(Records from a data collection)
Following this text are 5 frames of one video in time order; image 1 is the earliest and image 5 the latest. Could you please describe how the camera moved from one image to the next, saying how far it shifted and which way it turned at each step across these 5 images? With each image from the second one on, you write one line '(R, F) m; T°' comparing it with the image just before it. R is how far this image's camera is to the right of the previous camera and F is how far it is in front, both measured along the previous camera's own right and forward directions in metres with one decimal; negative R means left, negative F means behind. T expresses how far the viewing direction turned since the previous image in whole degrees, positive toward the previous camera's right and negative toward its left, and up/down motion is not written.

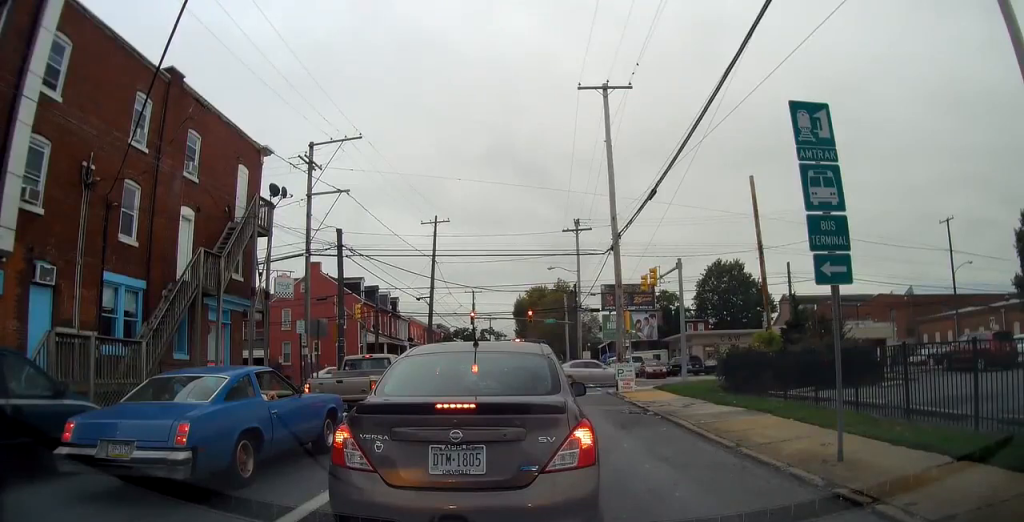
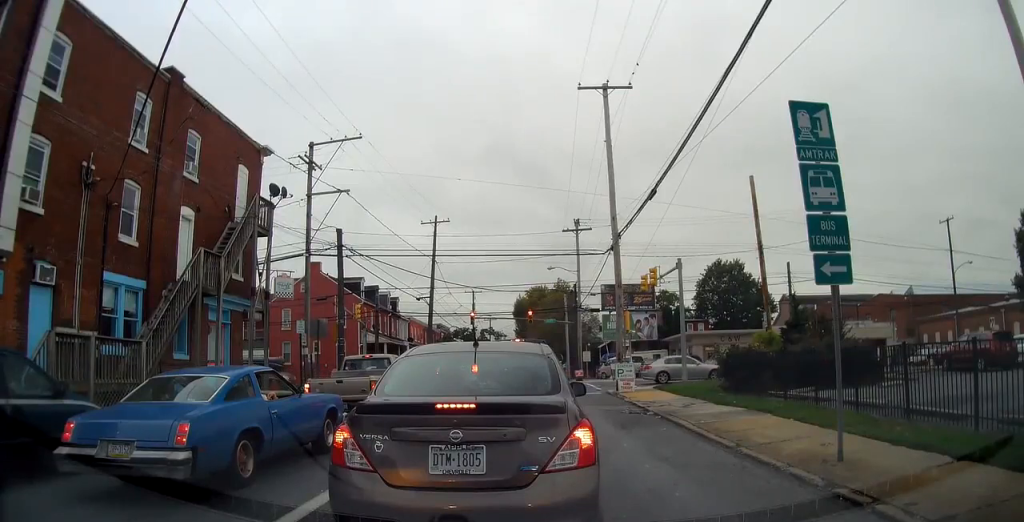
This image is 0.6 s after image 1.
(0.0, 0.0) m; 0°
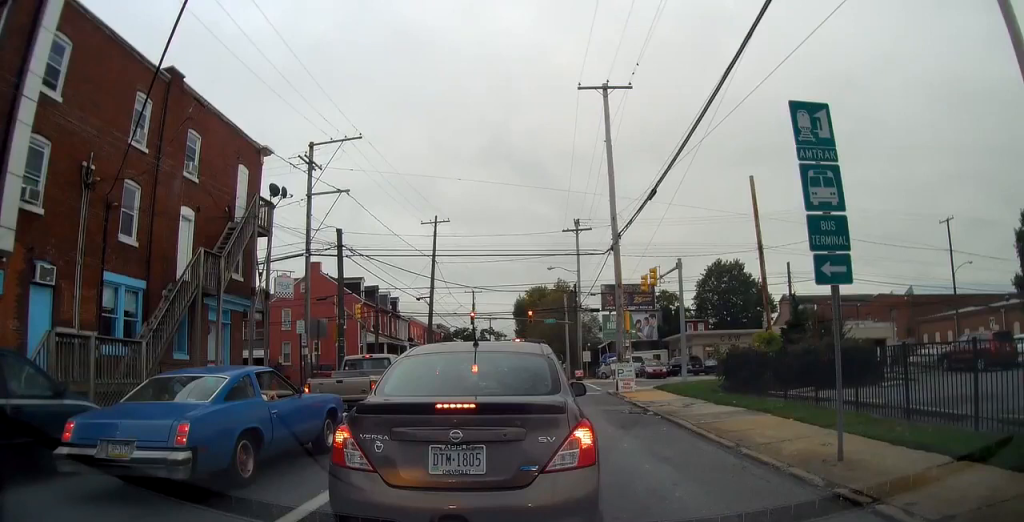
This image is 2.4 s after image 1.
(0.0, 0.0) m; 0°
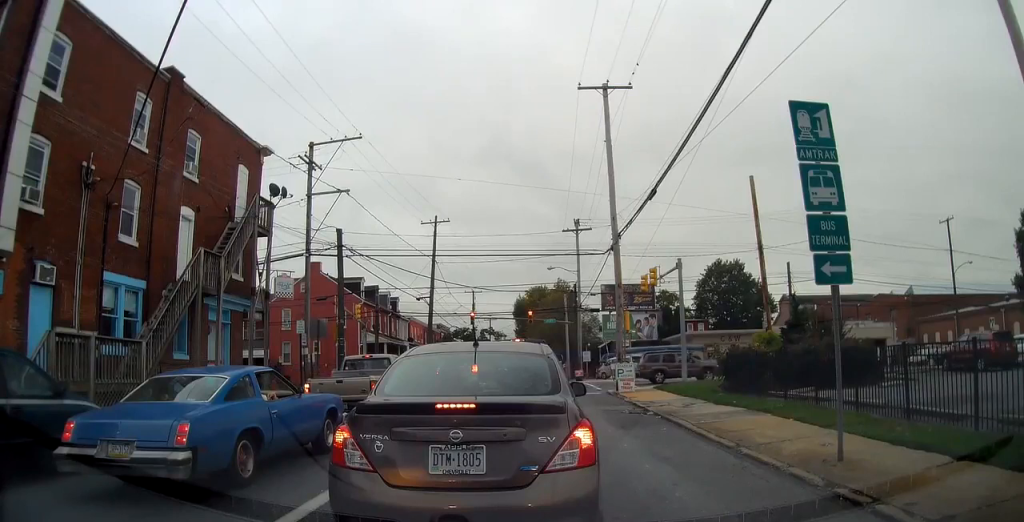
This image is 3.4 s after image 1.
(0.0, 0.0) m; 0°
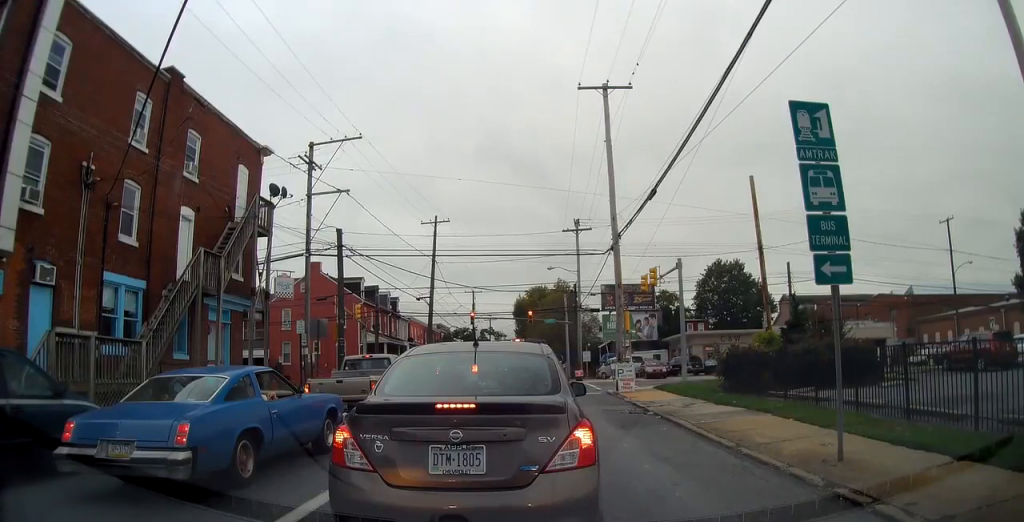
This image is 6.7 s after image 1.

• _WHAT IS EXPECTED_:
Every line from the one containing "This image is 0.6 s after image 1." through the last line of the records is to be reproduced exactly, with pictures left out and nothing else given.

• _ANSWER FOR THIS EXERCISE_:
This image is 0.6 s after image 1.
(0.0, 0.0) m; 0°
This image is 2.4 s after image 1.
(0.0, 0.0) m; 0°
This image is 3.4 s after image 1.
(0.0, 0.0) m; 0°
This image is 6.7 s after image 1.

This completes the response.